No passado dia 6 de setembro ocorreram as eleições para o parlamento regional da Saxónia-Anhalt, na Alemanha, onde o partido AfD (Alternativa para a Alemanha), encabeçado por Ulrich Siegmund, conquistou 39 deputados, com o resultado histórico de 44% dos votos. Embora tenha obtido uma votação extraordinária, o partido não conseguiu obter a maioria necessária (42 deputados) e terá de conquistar o apoio dos outros partidos para garantir a governabilidade.
A CDU (União Democrata-Cristã) não conseguiu passar da marca dos 17,2%, uma queda de 19,9 pontos percentuais face a 2021, enquanto os partidos de esquerda, como o SPD (Partido Social-Democrata), os Verdes e o Die Linke (A Esquerda), não conseguiram alcançar mais do que 9,3% dos votos, tendo obtido 8 deputados cada um.
Por fim, o BSW (Aliança Sahra Wagenknecht) entrou para o parlamento pela primeira vez, com 5 deputados, tendo obtido pouco mais de 5,3% dos votos.
Tendo em conta os resultados desta eleição, existem dois grandes cenários pós-eleitorais possíveis:
1. Hipótese mais realista: um governo minoritário da AfD, já que todos os outros partidos declararam que não iam deixá-la obter poder governamental, aplicando o famoso cordão sanitário existente na cultura política alemã.
2. O cenário menos provável: a criação de uma coligação pós-eleitoral da CDU ao Die Linke para barrar a entrada da AfD no governo regional, embora a CDU já tenha anunciado que não vai fazer um acordo com a esquerda.
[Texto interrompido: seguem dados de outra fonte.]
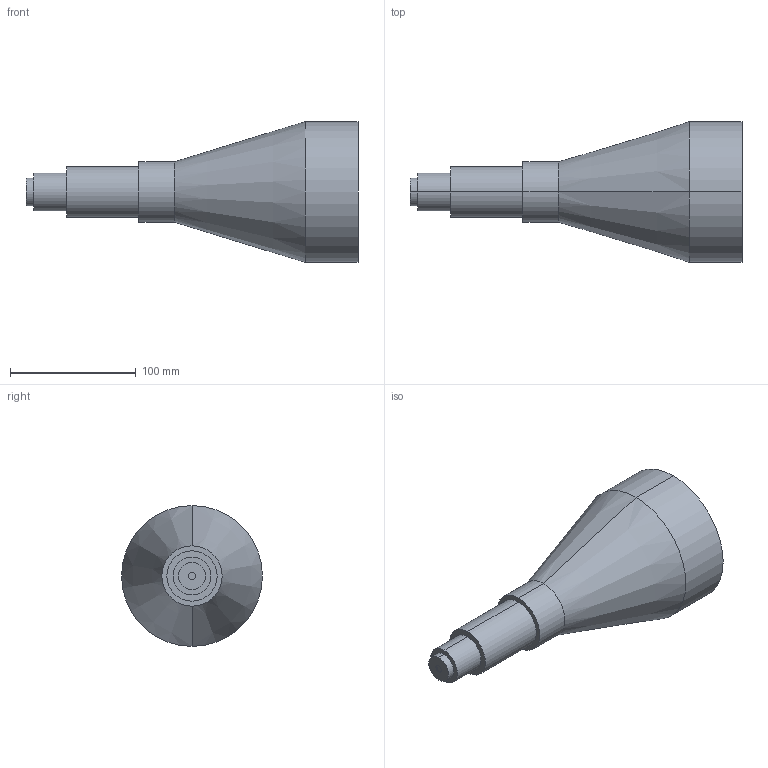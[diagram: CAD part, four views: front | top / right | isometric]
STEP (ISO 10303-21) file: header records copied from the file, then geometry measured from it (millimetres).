
FILE_DESCRIPTION (( 'STEP AP214' ), '1' );
FILE_NAME ('450062.STEP', '2025-11-19T05:39:06', ( '' ), ( '' ), 'SwSTEP 2.0', 'SolidWorks 2020', '' );
FILE_SCHEMA (( 'AUTOMOTIVE_DESIGN' ));
Length unit declared in the file: millimetre
Products named in the file (1): 450062
Bounding box: 264.12 x 112 x 112 mm (x, y, z)
Volume: 1100803.8 mm3; surface area: 68503.1 mm2
Topology: 1 solids, 1 shells, 23 faces, 44 edges, 28 vertices
Faces by surface type: cylinder 14, plane 7, cone 2
Entity records: 628 total; most frequent: DIRECTION 120, CARTESIAN_POINT 96, ORIENTED_EDGE 88, AXIS2_PLACEMENT_3D 52, EDGE_CURVE 44, EDGE_LOOP 28, CIRCLE 28, VERTEX_POINT 28

Mesmo que eventualmente fosse criada essa coligação complexa de partidos, esta ficaria com 39 deputados apenas, o que tornaria a formação de um governo estável ainda mais difícil.
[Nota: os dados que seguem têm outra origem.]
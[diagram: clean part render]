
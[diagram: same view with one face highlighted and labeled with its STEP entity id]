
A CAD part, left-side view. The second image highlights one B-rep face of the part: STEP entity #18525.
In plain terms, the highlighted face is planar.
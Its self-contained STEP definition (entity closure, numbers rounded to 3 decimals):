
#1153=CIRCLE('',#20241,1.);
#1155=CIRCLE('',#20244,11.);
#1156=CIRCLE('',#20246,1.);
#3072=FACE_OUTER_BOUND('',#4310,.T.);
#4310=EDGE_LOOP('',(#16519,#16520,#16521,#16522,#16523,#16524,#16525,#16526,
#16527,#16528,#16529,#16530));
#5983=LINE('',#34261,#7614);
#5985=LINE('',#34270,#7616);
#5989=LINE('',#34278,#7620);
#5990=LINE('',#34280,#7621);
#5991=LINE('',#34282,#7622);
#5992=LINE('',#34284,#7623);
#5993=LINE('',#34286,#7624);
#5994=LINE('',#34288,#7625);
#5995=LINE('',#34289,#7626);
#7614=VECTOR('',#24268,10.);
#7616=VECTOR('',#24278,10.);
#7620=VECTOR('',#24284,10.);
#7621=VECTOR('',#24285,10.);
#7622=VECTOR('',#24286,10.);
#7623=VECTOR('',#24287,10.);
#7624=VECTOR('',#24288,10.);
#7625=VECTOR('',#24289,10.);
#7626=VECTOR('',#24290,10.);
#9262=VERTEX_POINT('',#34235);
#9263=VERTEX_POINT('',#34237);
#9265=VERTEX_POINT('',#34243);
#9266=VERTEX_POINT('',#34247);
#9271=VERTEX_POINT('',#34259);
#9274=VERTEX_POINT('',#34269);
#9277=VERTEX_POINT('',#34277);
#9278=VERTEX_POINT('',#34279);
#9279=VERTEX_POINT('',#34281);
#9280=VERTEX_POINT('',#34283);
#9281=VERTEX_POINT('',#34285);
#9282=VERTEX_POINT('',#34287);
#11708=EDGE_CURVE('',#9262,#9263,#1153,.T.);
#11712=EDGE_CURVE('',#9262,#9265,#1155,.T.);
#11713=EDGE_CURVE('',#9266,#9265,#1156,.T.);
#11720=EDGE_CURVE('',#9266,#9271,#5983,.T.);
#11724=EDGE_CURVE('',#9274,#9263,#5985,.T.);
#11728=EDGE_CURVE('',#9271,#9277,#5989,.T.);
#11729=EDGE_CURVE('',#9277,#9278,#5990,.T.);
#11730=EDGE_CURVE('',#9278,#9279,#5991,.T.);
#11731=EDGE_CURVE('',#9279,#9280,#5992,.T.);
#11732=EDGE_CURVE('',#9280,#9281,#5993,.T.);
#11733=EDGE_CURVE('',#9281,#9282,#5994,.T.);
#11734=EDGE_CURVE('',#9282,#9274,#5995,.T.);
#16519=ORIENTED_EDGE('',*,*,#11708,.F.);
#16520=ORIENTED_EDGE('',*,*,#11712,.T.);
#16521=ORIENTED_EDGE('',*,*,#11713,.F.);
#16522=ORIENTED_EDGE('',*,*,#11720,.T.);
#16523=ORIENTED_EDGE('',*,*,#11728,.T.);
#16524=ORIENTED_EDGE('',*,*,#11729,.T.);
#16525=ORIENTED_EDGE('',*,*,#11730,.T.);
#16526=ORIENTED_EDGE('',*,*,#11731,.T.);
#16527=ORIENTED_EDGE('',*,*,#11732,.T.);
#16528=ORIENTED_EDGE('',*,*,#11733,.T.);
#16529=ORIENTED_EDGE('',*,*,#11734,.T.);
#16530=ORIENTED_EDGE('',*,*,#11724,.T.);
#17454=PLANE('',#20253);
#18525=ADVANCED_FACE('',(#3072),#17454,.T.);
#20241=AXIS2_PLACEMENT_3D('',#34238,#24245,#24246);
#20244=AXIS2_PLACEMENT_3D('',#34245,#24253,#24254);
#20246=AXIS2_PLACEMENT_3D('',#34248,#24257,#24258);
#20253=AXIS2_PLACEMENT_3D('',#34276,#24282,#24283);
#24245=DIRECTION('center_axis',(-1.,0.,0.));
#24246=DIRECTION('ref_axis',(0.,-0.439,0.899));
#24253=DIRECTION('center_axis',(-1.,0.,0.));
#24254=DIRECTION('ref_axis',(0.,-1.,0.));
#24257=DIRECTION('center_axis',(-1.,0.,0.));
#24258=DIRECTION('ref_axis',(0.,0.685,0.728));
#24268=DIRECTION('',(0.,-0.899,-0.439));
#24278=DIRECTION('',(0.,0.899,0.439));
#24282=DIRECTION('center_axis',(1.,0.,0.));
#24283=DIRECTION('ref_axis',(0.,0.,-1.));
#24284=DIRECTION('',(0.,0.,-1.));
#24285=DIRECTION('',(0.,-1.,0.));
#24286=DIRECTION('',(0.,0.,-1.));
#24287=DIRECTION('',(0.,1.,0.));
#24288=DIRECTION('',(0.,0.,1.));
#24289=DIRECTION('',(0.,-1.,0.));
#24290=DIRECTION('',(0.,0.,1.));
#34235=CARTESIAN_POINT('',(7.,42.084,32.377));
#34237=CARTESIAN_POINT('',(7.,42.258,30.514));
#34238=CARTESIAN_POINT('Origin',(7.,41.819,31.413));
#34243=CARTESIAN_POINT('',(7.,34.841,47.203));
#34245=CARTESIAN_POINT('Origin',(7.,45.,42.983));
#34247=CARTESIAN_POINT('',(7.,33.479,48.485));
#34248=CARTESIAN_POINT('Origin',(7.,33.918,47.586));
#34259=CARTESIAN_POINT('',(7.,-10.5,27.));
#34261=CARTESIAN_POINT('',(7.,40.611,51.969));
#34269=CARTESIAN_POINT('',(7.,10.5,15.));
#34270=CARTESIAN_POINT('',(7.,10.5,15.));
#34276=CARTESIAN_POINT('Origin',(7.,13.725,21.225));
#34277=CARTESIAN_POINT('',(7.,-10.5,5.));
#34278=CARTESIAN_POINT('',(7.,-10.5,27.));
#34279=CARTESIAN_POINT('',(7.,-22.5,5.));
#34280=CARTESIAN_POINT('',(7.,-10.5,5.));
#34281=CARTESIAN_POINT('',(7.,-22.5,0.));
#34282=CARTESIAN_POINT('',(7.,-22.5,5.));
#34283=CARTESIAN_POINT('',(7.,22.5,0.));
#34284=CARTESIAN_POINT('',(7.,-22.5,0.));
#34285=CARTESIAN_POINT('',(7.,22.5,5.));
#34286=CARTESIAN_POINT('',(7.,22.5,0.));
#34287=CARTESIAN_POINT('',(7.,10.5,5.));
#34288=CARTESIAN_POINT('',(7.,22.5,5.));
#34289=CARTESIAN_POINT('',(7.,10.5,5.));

Para muitos, é apenas uma eleição comum, ou, para os media tradicionais, é uma eleição em que os “radicais” estão a crescer; porém, para os mais atentos ao assunto, é uma questão muito maior e estratégica, já que, com a vitória neste ato eleitoral, a AfD poderá abrir caminho para se expandir ainda mais além dos estados do leste — mais pobres e que se sentem abandonados pela Federação —, abrindo a possibilidade de um governo AfD já nas próximas eleições para o Bundestag.
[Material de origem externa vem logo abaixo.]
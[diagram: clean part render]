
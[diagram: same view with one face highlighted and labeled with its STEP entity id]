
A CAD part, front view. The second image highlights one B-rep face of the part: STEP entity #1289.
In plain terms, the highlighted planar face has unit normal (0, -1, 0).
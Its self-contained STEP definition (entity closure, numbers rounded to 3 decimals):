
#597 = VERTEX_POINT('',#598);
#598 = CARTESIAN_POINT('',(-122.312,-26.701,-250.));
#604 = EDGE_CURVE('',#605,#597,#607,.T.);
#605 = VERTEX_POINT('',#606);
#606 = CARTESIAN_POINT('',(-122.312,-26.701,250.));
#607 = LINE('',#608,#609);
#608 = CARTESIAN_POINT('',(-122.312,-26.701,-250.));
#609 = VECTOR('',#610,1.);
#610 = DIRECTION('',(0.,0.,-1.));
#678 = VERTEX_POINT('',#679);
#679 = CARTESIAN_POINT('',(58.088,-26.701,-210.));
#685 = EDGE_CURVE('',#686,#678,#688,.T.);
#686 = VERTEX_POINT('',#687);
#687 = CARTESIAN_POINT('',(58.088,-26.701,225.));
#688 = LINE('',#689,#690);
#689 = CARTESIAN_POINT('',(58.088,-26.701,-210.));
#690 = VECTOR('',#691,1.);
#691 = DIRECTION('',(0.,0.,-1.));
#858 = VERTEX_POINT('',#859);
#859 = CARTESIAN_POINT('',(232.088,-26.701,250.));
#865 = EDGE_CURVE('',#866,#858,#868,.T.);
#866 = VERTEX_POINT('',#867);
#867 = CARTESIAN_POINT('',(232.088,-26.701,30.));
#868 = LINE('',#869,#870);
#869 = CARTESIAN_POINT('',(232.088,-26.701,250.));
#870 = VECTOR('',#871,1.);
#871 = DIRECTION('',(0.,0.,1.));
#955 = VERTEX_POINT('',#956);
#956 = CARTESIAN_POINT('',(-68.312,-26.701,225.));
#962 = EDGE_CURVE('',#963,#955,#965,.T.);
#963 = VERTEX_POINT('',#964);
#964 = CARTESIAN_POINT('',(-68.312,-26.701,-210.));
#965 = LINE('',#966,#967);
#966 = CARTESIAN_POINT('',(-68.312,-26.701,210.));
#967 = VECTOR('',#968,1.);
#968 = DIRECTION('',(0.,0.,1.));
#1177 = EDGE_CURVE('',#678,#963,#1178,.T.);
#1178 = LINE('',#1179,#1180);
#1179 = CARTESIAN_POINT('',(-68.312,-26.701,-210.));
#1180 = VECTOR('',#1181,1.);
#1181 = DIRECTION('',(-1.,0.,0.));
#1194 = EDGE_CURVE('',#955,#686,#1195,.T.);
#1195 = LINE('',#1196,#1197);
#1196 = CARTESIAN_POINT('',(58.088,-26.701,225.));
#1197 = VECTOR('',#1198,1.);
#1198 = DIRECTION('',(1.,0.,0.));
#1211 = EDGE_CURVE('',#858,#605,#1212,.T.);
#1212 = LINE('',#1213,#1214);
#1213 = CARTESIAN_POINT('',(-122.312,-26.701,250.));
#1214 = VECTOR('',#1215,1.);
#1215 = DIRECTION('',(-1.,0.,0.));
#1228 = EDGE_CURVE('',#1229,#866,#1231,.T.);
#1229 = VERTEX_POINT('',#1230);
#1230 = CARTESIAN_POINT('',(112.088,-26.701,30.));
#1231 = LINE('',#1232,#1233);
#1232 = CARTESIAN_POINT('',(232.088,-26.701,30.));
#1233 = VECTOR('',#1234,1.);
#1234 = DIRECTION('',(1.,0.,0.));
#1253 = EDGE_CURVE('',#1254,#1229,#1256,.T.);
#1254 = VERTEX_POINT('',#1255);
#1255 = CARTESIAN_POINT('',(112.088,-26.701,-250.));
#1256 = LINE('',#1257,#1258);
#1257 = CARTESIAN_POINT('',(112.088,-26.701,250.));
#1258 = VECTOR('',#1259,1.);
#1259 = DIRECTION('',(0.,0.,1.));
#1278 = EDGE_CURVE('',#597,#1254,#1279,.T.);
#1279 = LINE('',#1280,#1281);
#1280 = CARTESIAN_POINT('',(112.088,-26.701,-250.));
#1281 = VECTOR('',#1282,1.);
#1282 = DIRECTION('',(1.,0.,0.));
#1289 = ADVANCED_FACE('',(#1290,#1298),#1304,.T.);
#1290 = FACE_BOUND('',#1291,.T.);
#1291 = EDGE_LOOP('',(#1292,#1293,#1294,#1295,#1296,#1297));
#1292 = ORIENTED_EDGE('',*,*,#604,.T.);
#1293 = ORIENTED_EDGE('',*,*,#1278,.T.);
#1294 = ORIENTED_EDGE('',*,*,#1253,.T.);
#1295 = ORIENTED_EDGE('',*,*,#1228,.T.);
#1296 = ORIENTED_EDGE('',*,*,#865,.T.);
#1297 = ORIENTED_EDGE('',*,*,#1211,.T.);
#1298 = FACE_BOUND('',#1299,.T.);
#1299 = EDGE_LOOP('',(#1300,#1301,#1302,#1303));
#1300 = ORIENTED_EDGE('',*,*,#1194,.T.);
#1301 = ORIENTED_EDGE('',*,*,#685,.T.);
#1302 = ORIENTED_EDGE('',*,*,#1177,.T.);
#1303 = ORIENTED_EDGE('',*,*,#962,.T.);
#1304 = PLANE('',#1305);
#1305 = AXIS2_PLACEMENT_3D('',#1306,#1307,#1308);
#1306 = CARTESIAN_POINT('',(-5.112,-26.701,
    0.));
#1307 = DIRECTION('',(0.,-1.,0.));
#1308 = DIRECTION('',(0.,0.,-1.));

E caso a AfD consiga governar a Alemanha, esta conseguirá espalhar a ideia de uma Europa patriota e soberanista pelo continente europeu, já que a Alemanha e a França têm o maior poderio económico e industrial de toda a União Europeia. Assim, medidas como a remigração em massa dos imigrantes ilegais, a exigência de fronteiras europeias mais seguras e o combate à degeneração da sociedade deixam de ser consideradas e tratadas como tabu e passam a ser abordadas no debate mediático do espaço Schengen.